*AIM OF THE TASK:*
Lines containing the word "http": say how many there are in the listing, with only the number as the answer.

*DATA FOR PROCESSING:*
******************************

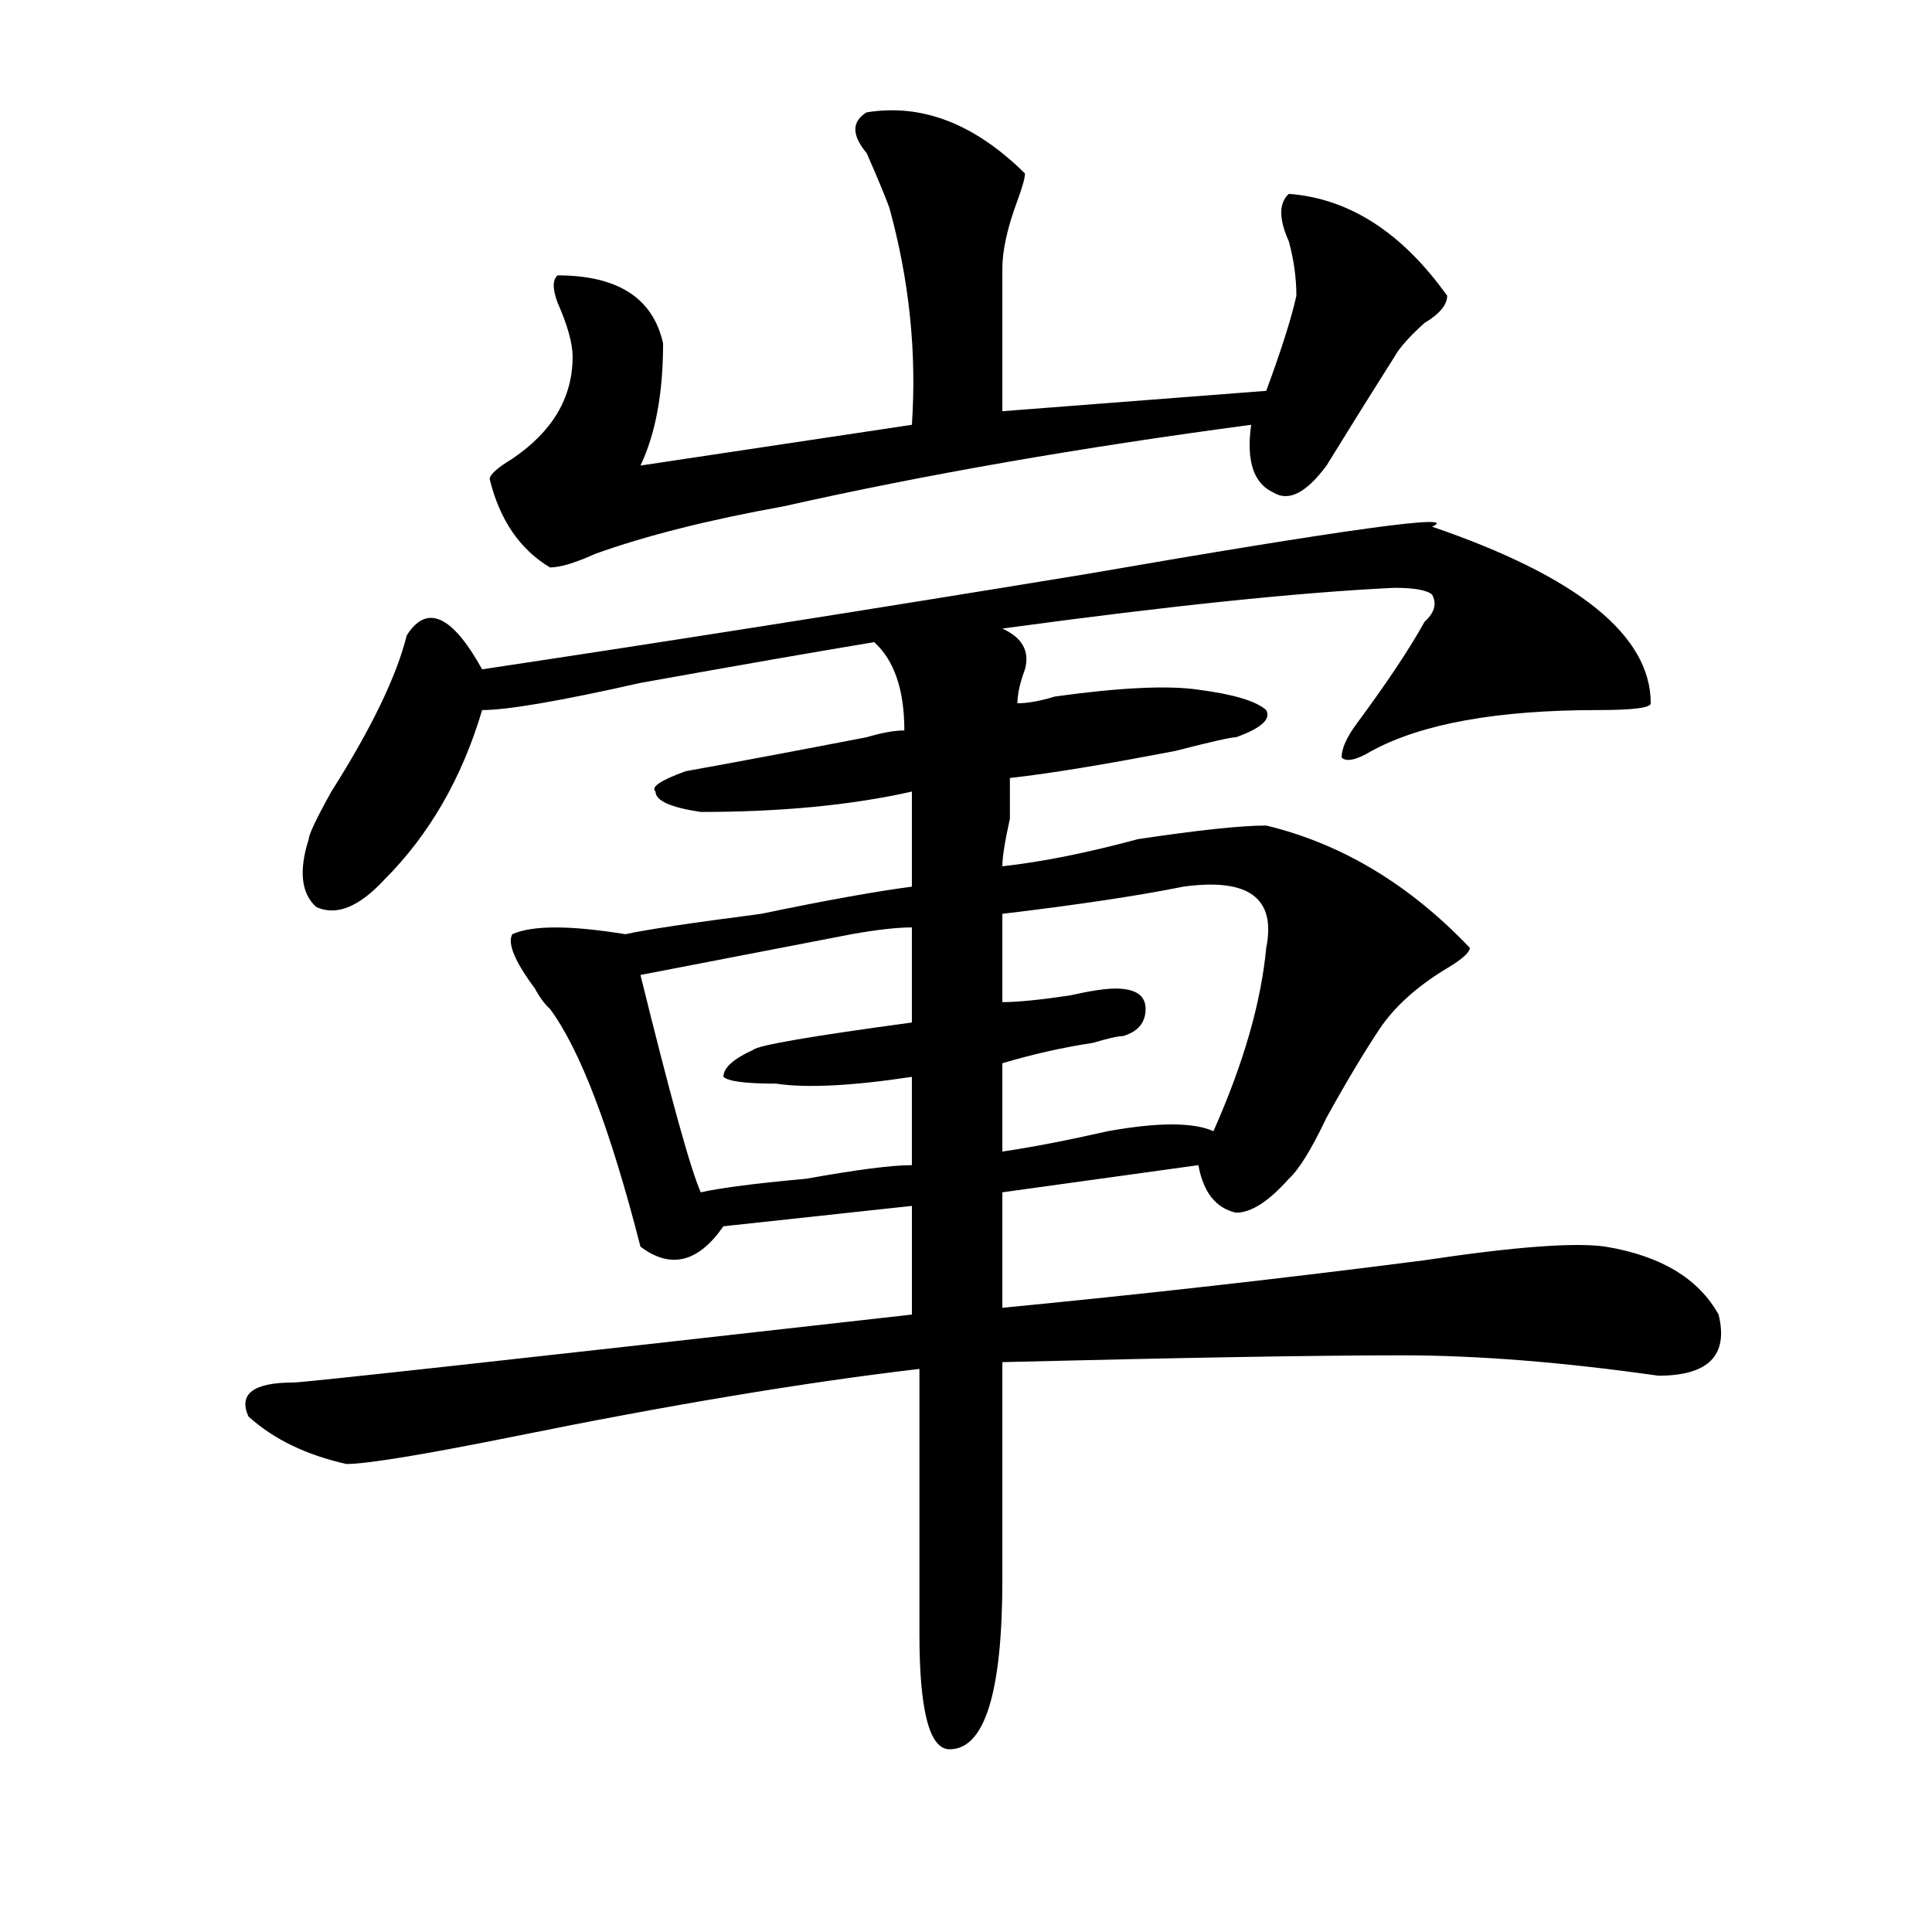 <?xml version="1.0" encoding="utf-8"?>
<!-- Generator: Adobe Illustrator 16.0.0, SVG Export Plug-In . SVG Version: 6.00 Build 0)  -->
<!DOCTYPE svg PUBLIC "-//W3C//DTD SVG 1.1//EN" "http://www.w3.org/Graphics/SVG/1.1/DTD/svg11.dtd">
<svg version="1.1" id="图层_1" xmlns="http://www.w3.org/2000/svg" xmlns:xlink="http://www.w3.org/1999/xlink" x="0px" y="0px"
	 width="1000px" height="1000px" viewBox="0 0 1000 1000" enable-background="new 0 0 1000 1000" xml:space="preserve">
<path d="M741.25,272.609c75.425,25.818,113.168,56.25,113.168,91.406c0,2.362-9.146,3.516-27.316,3.516
	c-52.072,0-91.096,7.031-117.07,21.094c-7.805,4.725-13.049,5.878-15.609,3.516c0-4.669,2.561-10.547,7.805-17.578
	c15.609-21.094,27.316-38.672,35.121-52.734c5.183-4.669,6.463-9.338,3.902-14.063c-2.622-2.307-9.146-3.516-19.512-3.516
	c-49.45,2.362-117.07,9.394-202.922,21.094c10.365,4.725,14.268,11.756,11.707,21.094c-2.622,7.031-3.902,12.909-3.902,17.578
	c5.183,0,11.707-1.153,19.512-3.516c33.779-4.669,58.535-5.822,74.145-3.516c18.17,2.362,29.877,5.878,35.121,10.547
	c2.561,4.725-2.622,9.394-15.609,14.063c-2.622,0-13.049,2.362-31.219,7.031c-36.463,7.031-65.06,11.756-85.852,14.063
	c0,2.362,0,9.394,0,21.094c-2.622,11.756-3.902,19.94-3.902,24.609c20.792-2.307,44.206-7.031,70.242-14.063
	c31.219-4.669,53.291-7.031,66.34-7.031c39.023,9.394,74.145,30.487,105.363,63.281c0,2.362-3.902,5.878-11.707,10.547
	c-15.609,9.394-27.316,19.94-35.121,31.641c-7.805,11.756-16.951,26.972-27.316,45.703c-7.805,16.425-14.329,26.972-19.512,31.641
	c-10.427,11.756-19.512,17.578-27.316,17.578c-10.427-2.307-16.951-10.547-19.512-24.609l-101.461,14.063v59.766
	c72.803-7.031,145.667-15.216,218.531-24.609c46.828-7.031,78.047-9.338,93.656-7.031c28.597,4.725,48.108,16.425,58.535,35.156
	c5.183,21.094-5.244,31.641-31.219,31.641c-49.45-7.031-93.656-10.547-132.68-10.547c-44.268,0-113.168,1.209-206.824,3.516v112.5
	c0,58.557-9.146,87.891-27.316,87.891c-10.427,0-15.609-19.94-15.609-59.766V708.547c-59.877,7.031-130.119,18.787-210.727,35.156
	c-46.828,9.394-75.486,14.063-85.852,14.063c-20.854-4.669-37.743-12.854-50.73-24.609c-5.244-11.7,2.561-17.578,23.414-17.578
	c5.183,0,111.826-11.7,319.992-35.156v-56.25l-97.559,10.547c-13.049,18.787-27.316,22.303-42.926,10.547
	c-15.609-60.919-31.219-101.953-46.828-123.047c-2.622-2.307-5.244-5.822-7.805-10.547c-10.427-14.063-14.329-23.4-11.707-28.125
	c10.365-4.669,29.877-4.669,58.535,0c10.365-2.307,33.779-5.822,70.242-10.547c33.779-7.031,59.815-11.7,78.047-14.063v-49.219
	c-31.219,7.031-67.682,10.547-109.266,10.547c-15.609-2.307-23.414-5.822-23.414-10.547c-2.622-2.307,2.561-5.822,15.609-10.547
	c25.975-4.669,57.193-10.547,93.656-17.578c7.805-2.307,14.268-3.516,19.512-3.516c0-21.094-5.244-36.31-15.609-45.703
	c-28.658,4.725-68.962,11.756-120.973,21.094c-41.646,9.394-68.962,14.063-81.949,14.063c-10.427,35.156-27.316,64.49-50.73,87.891
	c-13.049,14.063-24.756,18.787-35.121,14.063c-7.805-7.031-9.146-18.731-3.902-35.156c0-2.307,3.902-10.547,11.707-24.609
	c20.792-32.794,33.779-59.766,39.023-80.859c10.365-16.369,23.414-10.547,39.023,17.578
	c93.656-14.063,197.678-30.432,312.188-49.219C696.982,273.818,756.859,265.578,741.25,272.609z M448.574,58.156
	c28.597-4.669,55.913,5.878,81.949,31.641c0,2.362-1.342,7.031-3.902,14.063c-5.244,14.063-7.805,25.818-7.805,35.156
	c0,28.125,0,52.734,0,73.828l136.582-10.547c7.805-21.094,12.987-37.463,15.609-49.219c0-9.338-1.342-18.731-3.902-28.125
	c-5.244-11.7-5.244-19.885,0-24.609c31.219,2.362,58.535,19.94,81.949,52.734c0,4.725-3.902,9.394-11.707,14.063
	c-7.805,7.031-13.049,12.909-15.609,17.578c-10.427,16.425-22.134,35.156-35.121,56.25c-10.427,14.063-19.512,18.787-27.316,14.063
	c-10.427-4.669-14.329-16.369-11.707-35.156c-88.474,11.756-169.143,25.818-241.945,42.188
	c-39.023,7.031-71.584,15.271-97.559,24.609c-10.427,4.725-18.231,7.031-23.414,7.031c-15.609-9.338-26.036-24.609-31.219-45.703
	c0-2.307,3.902-5.822,11.707-10.547c20.792-14.063,31.219-31.641,31.219-52.734c0-7.031-2.622-16.369-7.805-28.125
	c-2.622-7.031-2.622-11.7,0-14.063c31.219,0,49.389,11.756,54.633,35.156c0,25.818-3.902,46.912-11.707,63.281l140.484-21.094
	c2.561-37.463-1.342-74.981-11.707-112.5c-2.622-7.031-6.524-16.369-11.707-28.125C440.77,69.912,440.77,62.881,448.574,58.156z
	 M471.988,480.031c-7.805,0-18.231,1.209-31.219,3.516c-36.463,7.031-72.864,14.063-109.266,21.094
	c15.609,63.281,25.975,100.8,31.219,112.5c10.365-2.307,28.597-4.669,54.633-7.031c25.975-4.669,44.206-7.031,54.633-7.031v-45.703
	c-31.219,4.725-54.633,5.878-70.242,3.516c-15.609,0-24.756-1.153-27.316-3.516c0-4.669,5.183-9.338,15.609-14.063
	c2.561-2.307,29.877-7.031,81.949-14.063C471.988,510.519,471.988,494.094,471.988,480.031z M612.473,458.938
	c-23.414,4.725-54.633,9.394-93.656,14.063v45.703c7.805,0,19.512-1.153,35.121-3.516c10.365-2.307,18.17-3.516,23.414-3.516
	c10.365,0,15.609,3.516,15.609,10.547s-3.902,11.756-11.707,14.063c-2.622,0-7.805,1.209-15.609,3.516
	c-15.609,2.362-31.219,5.878-46.828,10.547v45.703c15.609-2.307,33.779-5.822,54.633-10.547c25.975-4.669,44.206-4.669,54.633,0
	c15.609-35.156,24.694-66.797,27.316-94.922C660.581,464.815,646.252,454.269,612.473,458.938z"/>
</svg>

******************************

*RESPONSE BOX:*
2